Sébastien David is an actor and stage director, as well as the author of four published plays. He also directs his own theater company, La Bataille.
Non-Fiction:
Les Yeux tristes de mon camion
By Serge Bouchard (Montreal)
Les Éditions du Boréal
From the jury: “Clothed in nostalgia and the poetry of life, this enlightening essay offers a comprehensive look at the relations between the North American landmass and the people who populate it.”
Serge Bouchard is a well-known broadcaster with Radio Canada and a prolific writer. He received the 2015 Gérard-Morisset award for lifetime achievement, and was named an Officer of the Ordre national du Québec the following year.

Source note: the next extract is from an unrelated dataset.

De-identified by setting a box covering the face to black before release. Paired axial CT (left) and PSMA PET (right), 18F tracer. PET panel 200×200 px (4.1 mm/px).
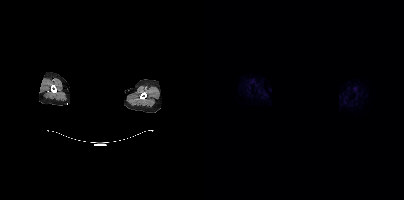
Negative for PSMA-avid disease on this slice.

Young People’s Literature – Text:
L’importance de Mathilde Poisson
By Véronique Drouin (Sherbrooke, Que.)
Bayard Canada
From the publisher: “When her father left, young Mathilde dropped out of college to support herself and her mother, who has become an alcoholic. Unable to take it anymore, she decides to put an end to what has become a living hell. But then, at the last minute, a boy stops her.”
Véronique Drouin is an author and illustrator. She has illustrated many of her novels, and has also written several books for adults.
Young People’s Literature – Illustrated:
Azadah
By Jacques Goldstyn (Montreal)
Les Éditions de la Pastèque
From the publisher: “Azadah, a small Afghan girl full of dreams and ambitions, befriends a German woman on a temporary mission as a journalist and photographer in her country. When the time comes for the woman to leave Afghanistan, the parting is heartbreaking as Azadah begs to be taken back with her to Europe, which she imagines to be a paradise of possibilities.”
Jacques Goldstyn has illustrated a number of illustrated books, including a 10-book series on science.
Translation (from English to French):
Un barbare en Chine nouvelle
By Daniel Poliquin (Ottawa)
Les Éditions du Boréal; translation of Barbarian Lost: Travels in the New China by Alexandre Trudeau, HarperCollins Publishers
From the publisher: “Alexandre Trudeau has been fascinated by China since his childhood. Here, he retraces his wanderings in a country that is a synonym for extremes, and offers an arresting portrait of contemporary China, doubtless the biggest laboratory in which the future of humankind is being worked out.”
This is the second Governor General’s Award win for translator Daniel Poliquin, who has written several books and translated works by many anglophone writers.